**equivalent ratio definition** This is a topic that many people are looking for. **bluevelvetrestaurant.com** is a channel providing useful information about learning, life, digital marketing and online courses …. it will help you have an overview and solid multi-faceted knowledge . Today, ** bluevelvetrestaurant.com ** would like to introduce to you **Equivalent Ratios**. Following along are instructions in the video below:

“This lesson. We re going to talk about equivalent ratios. So let s say if if we have the ratio 8 to 6 and 12 to 9 are the two equivalent to each other what would you say how can we tell how can we find the answer well there s two ways in which we can do so first we need to convert the ratio into a fraction and then we could simplify the two fractions and see if they re equal to each. Other if they are then the ratios are equivalent to each.

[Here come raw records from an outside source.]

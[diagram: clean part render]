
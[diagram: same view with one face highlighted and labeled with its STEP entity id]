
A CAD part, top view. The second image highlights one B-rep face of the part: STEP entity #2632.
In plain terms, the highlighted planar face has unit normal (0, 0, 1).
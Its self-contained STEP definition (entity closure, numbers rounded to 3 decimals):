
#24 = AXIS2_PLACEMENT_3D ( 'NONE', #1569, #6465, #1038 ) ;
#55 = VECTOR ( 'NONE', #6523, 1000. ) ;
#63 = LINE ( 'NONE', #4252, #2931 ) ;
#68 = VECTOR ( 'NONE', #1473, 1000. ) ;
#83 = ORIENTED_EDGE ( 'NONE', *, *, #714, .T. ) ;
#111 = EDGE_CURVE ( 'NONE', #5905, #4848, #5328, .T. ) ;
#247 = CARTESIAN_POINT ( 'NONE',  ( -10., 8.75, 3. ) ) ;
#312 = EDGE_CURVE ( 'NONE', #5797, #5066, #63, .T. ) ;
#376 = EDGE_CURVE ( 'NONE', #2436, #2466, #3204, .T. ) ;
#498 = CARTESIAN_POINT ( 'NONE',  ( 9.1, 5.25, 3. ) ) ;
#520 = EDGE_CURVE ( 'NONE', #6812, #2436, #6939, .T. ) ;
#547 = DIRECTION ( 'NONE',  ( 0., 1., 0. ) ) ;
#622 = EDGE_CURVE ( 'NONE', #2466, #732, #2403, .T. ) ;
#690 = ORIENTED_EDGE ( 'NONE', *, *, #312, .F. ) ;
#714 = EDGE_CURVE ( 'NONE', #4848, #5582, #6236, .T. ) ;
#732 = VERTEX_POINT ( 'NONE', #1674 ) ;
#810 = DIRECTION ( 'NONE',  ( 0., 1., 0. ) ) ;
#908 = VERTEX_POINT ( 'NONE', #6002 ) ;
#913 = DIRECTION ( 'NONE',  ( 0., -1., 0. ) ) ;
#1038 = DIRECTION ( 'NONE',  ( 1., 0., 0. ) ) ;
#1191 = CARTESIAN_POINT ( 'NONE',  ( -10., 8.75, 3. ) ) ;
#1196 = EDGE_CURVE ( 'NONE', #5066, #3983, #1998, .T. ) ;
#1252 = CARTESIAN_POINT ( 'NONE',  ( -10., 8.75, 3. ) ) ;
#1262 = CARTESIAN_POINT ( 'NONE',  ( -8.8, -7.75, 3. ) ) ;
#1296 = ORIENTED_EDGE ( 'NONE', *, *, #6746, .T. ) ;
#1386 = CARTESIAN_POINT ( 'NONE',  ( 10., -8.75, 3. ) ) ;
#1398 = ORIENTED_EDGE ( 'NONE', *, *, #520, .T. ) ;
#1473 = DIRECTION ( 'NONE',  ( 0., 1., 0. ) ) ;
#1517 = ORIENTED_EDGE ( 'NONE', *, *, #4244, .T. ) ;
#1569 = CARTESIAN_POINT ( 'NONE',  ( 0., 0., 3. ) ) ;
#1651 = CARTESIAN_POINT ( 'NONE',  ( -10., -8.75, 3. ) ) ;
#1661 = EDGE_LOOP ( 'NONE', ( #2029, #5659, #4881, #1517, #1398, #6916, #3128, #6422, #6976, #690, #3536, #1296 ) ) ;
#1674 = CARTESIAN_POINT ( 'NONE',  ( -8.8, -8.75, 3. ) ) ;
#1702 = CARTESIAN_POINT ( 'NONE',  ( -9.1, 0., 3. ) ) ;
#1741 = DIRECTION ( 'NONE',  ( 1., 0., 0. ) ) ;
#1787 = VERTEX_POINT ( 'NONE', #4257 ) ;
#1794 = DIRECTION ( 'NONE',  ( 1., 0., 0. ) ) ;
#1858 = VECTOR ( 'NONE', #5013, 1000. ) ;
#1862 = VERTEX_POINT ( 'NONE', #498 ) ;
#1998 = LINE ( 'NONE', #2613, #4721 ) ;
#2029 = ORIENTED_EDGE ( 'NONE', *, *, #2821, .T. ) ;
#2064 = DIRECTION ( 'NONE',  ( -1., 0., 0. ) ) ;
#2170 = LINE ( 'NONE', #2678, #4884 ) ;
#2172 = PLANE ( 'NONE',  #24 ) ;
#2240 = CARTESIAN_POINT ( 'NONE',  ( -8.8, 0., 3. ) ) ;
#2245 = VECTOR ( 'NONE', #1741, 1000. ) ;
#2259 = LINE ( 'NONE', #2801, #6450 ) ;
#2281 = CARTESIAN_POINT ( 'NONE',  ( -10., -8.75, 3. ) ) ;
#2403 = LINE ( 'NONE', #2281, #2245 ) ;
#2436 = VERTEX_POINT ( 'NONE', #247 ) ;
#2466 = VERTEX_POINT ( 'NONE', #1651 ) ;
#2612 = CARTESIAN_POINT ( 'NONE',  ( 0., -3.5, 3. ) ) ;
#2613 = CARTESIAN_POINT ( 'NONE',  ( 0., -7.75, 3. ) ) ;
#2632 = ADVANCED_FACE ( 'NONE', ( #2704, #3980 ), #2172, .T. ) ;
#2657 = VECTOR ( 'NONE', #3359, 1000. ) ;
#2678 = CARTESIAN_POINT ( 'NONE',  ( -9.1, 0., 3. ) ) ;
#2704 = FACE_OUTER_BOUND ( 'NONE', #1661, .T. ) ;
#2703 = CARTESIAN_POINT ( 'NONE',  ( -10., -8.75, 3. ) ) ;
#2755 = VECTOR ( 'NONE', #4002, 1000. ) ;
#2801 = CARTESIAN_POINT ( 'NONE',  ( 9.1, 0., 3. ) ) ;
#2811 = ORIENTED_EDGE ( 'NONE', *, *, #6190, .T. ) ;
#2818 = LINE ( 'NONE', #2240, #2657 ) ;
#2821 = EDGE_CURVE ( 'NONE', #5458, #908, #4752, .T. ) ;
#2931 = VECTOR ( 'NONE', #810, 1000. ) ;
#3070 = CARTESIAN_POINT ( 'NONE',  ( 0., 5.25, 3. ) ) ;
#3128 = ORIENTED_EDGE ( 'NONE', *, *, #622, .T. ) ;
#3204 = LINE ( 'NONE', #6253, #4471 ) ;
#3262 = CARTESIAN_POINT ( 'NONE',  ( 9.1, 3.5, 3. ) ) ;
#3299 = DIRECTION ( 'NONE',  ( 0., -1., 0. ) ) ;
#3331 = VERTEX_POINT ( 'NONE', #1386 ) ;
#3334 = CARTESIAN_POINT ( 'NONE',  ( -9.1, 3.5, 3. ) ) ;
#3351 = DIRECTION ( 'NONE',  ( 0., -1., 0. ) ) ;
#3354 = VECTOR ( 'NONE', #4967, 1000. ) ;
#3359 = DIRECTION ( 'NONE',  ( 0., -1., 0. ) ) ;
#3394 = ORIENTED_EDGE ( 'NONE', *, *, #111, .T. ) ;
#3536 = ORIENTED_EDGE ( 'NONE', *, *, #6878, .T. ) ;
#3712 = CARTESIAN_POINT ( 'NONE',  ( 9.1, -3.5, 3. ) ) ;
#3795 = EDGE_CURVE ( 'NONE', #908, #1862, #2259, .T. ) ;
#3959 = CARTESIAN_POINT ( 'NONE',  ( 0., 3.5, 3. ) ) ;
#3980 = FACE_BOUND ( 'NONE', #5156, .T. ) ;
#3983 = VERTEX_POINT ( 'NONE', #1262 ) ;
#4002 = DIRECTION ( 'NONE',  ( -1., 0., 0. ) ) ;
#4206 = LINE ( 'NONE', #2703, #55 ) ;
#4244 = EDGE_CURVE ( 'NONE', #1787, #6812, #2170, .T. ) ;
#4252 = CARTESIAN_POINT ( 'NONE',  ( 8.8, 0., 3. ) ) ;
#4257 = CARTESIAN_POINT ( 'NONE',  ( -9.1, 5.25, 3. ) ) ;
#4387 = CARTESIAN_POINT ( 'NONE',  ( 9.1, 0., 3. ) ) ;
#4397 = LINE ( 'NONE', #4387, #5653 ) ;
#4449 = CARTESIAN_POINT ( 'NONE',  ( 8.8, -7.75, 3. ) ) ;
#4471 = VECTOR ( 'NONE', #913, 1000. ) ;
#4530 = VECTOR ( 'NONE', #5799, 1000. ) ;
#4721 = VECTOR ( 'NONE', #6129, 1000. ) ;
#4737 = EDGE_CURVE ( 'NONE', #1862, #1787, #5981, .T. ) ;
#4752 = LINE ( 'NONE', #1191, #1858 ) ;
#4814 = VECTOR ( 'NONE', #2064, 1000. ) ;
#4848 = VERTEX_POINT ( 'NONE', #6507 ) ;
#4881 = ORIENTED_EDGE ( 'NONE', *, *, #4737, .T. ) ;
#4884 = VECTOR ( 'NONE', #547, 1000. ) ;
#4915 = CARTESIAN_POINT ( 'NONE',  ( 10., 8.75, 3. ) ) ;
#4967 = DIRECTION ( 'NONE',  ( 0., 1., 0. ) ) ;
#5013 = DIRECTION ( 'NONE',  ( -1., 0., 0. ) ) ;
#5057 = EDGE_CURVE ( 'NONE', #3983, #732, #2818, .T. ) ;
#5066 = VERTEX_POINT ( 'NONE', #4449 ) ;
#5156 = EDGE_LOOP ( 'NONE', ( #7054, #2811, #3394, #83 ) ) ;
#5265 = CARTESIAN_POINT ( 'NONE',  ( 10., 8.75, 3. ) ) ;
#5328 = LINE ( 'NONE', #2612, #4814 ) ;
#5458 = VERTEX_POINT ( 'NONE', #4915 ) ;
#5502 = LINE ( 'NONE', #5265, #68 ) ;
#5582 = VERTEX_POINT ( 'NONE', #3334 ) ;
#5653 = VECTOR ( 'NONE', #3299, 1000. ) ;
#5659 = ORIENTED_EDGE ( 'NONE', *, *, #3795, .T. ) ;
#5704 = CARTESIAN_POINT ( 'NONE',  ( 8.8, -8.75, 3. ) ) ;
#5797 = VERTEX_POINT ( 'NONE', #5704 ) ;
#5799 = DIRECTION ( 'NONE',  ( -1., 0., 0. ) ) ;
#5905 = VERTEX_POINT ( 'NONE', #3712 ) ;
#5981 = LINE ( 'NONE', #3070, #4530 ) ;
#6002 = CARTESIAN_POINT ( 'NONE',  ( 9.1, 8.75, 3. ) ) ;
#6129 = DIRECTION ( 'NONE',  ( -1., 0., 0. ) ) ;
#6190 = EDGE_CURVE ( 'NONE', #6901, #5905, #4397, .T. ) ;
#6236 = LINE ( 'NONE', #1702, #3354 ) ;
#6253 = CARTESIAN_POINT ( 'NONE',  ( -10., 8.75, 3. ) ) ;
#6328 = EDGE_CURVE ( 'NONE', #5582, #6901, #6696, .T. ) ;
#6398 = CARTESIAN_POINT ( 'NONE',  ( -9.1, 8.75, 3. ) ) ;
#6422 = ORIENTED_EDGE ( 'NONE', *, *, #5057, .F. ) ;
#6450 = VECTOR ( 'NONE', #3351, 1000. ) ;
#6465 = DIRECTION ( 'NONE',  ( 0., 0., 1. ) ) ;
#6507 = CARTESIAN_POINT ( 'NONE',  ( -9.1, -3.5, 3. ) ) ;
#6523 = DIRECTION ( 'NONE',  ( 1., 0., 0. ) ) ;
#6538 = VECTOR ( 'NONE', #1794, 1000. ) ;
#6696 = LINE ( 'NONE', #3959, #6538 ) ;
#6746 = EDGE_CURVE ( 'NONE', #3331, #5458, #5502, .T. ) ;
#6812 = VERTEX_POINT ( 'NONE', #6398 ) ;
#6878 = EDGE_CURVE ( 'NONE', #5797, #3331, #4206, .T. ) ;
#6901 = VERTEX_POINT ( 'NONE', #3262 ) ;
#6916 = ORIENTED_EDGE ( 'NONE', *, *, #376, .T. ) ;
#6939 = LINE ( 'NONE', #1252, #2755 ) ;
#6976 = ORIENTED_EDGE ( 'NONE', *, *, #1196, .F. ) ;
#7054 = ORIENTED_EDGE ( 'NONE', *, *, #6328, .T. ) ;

Other the second option is to convert them to fractions set. The fractions equal to each other and check to see if the cross products are the same. So let s start with the first method. 8 2.

6. Can be written as 8. Over. 6.

As a fraction now how can we reduce this fraction. 8. Is basically 4 times 2 6. Is 3 times.

2. So if we cancel a 2. We can reduce 8 over 6 to 4 over 3. Now let s do the same with the other fraction or the other ratio 12 to 9.

Is the same as or we can write it as 12 over 9. Now both numbers are divisible by 3 12..

Divided by 3 is 4 9. Divided by 3 is 3. So notice that both fractions simplify to the same result so this means that these two ratios are equivalent to each other now. Let s talk about the second method.

So let s convert the ratios into fractions and let s put an equal sign between the two fractions now. What i want you to do is i want you to cross multiply. So first we re going to multiply 8. By 9 8 times.

9. Is 72 next we re going to multiply. 6. And 12.

What is 6 times 12. If you add 12 6 times ward you get 10 times. 6. Is 60 2 times.

6. Is 12 60 plus. 12. Is 72.

So notice that these two are the same so therefore. These two ratios are equivalent to each other..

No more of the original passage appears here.